PINCH HITTER: Baked Sweet Potato Fries > Scrub and dry 2 sweet potatoes. Cut each into 8 slices, and then toss with olive oil and paprika. Spread on a baking sheet and bake for 15 minutes at 350°F. Turn and bake for 10 minutes more.

Blueberries
Host to more antioxidants than any other North American fruit, blueberries can help prevent cancer, diabetes, and age-related memory changes (hence the nickname "brain berry"). Studies show that blueberries, which are rich in fiber and vitamins A and C, also boost cardiovascular health. Aim for 1 cup fresh blueberries a day, or 1/2 cup frozen or dried. Try this amazing blueberry smoothie!

SUBSTITUTES: Acai berries, purple grapes, prunes, raisins, strawberries

FIT IT IN: Blueberries maintain most of their power in dried, frozen, or jam form.

PINCH HITTER: Acai, an Amazonian berry, has even more antioxidants than the blueberry. Try acai juice from Sambazon or add 2 Tbsp. of acai pulp to cereal, yogurt, or a smoothie.

Black Beans
All beans are good for your heart, but none can boost your brain power like black beans. That's because they're full of anthocyanins, antioxidant compounds that have been shown to improve brain function. A daily 1/2-cup serving provides 8 grams of protein and 7.5 grams of fiber. It's also low in calories and free of saturated fat.

SUBSTITUTES: Peas, lentils, and pinto, kidney, fava, and lima beans

FIT IT IN: Wrap black beans in a breakfast burrito; use both black beans and kidney beans in your chili; puree 1 cup black beans with 1/4 cup olive oil and roasted garlic for a healthy dip; add favas, limas, or peas to pasta dishes.

HOME RUN: Black Bean and Tomato Salsa > Dice 4 tomatoes, 1 onion, 3 cloves garlic, 2 jalapeños, 1 yellow bell pepper, and 1 mango. Mix in a can of black beans and garnish with 1/2 cup chopped cilantro and the juice of 2 limes.

Walnuts
Richer in heart-healthy omega-3s than salmon, loaded with more anti-inflammatorypolyphenols than red wine, and packing half as much muscle-building protein as chicken, the walnut sounds like a Frankenfood, but it grows on trees. Other nuts combine only one or two of these features, not all three. A serving of walnuts -- about 1 ounce, or 7 nuts -- is good anytime, but especially as a post-workout recovery snack.

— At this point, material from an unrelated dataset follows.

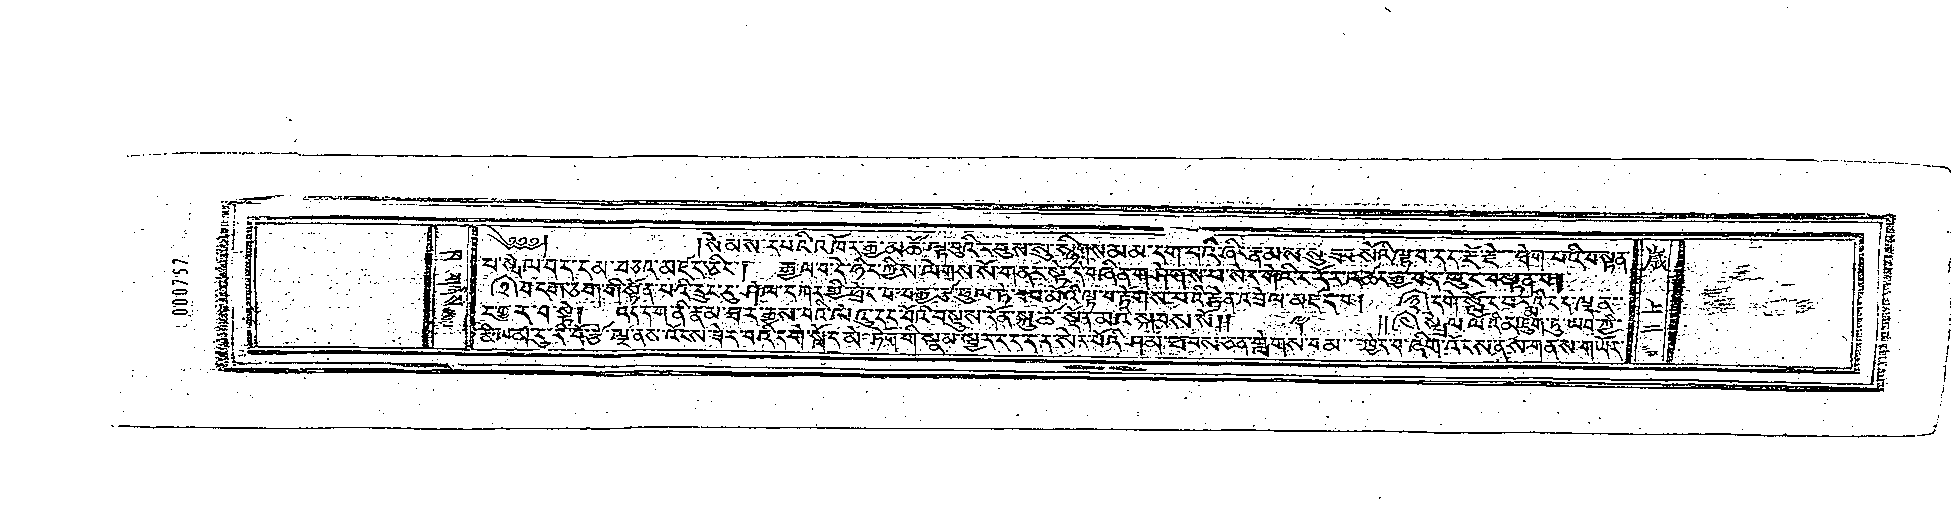༄༅༅། །སེམས་དཔའི་འཁོར་རྒྱ་མཚོ་ལྟ་བུའི་དབུས་སུ་སྙིགས་མ་མ་དག་པའི་ཞིང་རྣམས་སུ་ཟབ་སོའི་ལྟ་བ་དང་རྡོ་རྗེ་ཐེག་པའི་བསྟན་
པ་སྤེལ་བར་དམ་བཅའ་མཛད་ཅིང་། རྒྱལ་བ་དེ་ཉིད་ཀྱིས་ལེགས་སོ་གནང་སྟེ་དེ་བཞིན་གཤེགས་པ་སེང་གེའི་ང་རོར་འཚང་རྒྱ་བར་ལུང་བསྟན་པ།
༼༢?་བདག་ཅག་གི་སྟོན་པའི་དྲུང་དུ་ཤེལ་དཀར་གྱི་ཕྲེང་བ་བརྒྱ་རྩ་ཕུལ་ཏེ་ཟབ་མོའི་ལྟ་བ་རྟོགས་པའི་རྟེན་འབྲེལ་མཛད་པ། ༽༣?་དགེ་སློང་པདམའི་ངད་ལྡན་
དགྱུར་བ་སྟེ། འདི་དག་ནི་རྣམ་ཐར་རྒྱས་པའི་ལེའུ་དང་བོའི་བསྡུས་དོན་སྐུ་ཚེ་སྔོན་མའི་སྐབས་སོ།། ༈ །།༤?་སྤྲེལ་ལོའི་མཇུག་ཏུ་ཡབ་ཀྱི་
རྨི་ལམ་དུ་རི་བོ་རྩེ་ལྔ་ནས་འོངས་ཟེར་བའི་དགེ་སློང་མེ་ཏོག་གི་སྣམ་སྦྱར་དང་དར་སེར་པོའི་ཤམ་ཐབས་ཅན་གླེགས་བམ་ཁྱེར་བ་ཞིག་འོངས་ནས་གནས་གཡོར་

SUBSTITUTES: Almonds, peanuts, pistachios, macadamia nuts, hazelnuts

FIT IT IN: Sprinkle on top of salads; chop and add to pancake batter; spoon peanut butter into curries; grind and mix with olive oil to make a marinade for grilled fish or chicken.

HOME RUN: Mix 1 cup walnuts with 1/2 cup dried blueberries and 1/4 cup dark chocolate chunks.

Oats
The éminence grise of health food, oats garnered the FDA's first seal of approval. They are packed with soluble fiber, which lowers the risk of heart disease. Yes, oats are loaded with carbs, but the release of those sugars is slowed by the fiber, and because oats also have 10 grams of protein per 1/2-cup serving, they deliver steady, muscle-friendly energy. Or have a sandwich, from our list of the Best and Worst Breakfast Sandwiches.

SUBSTITUTES: Quinoa, flaxseed, wild rice

FIT IT IN: Eat granolas and cereals that have a fiber content of at least 5 grams per serving. Sprinkle 2 Tbsp. ground flaxseed on cereals, salads, and yogurt.

PINCH HITTER: Quinoa Salad > Quinoa has twice the protein of most cereals, and fewer carbs. Boil 1 cup quinoa in 2 cups of water. Let cool. In a large bowl, toss it with 2 diced apples, 1 cup fresh blueberries, 1/2 cup chopped walnuts, and 1 cup plain fat-free yogurt.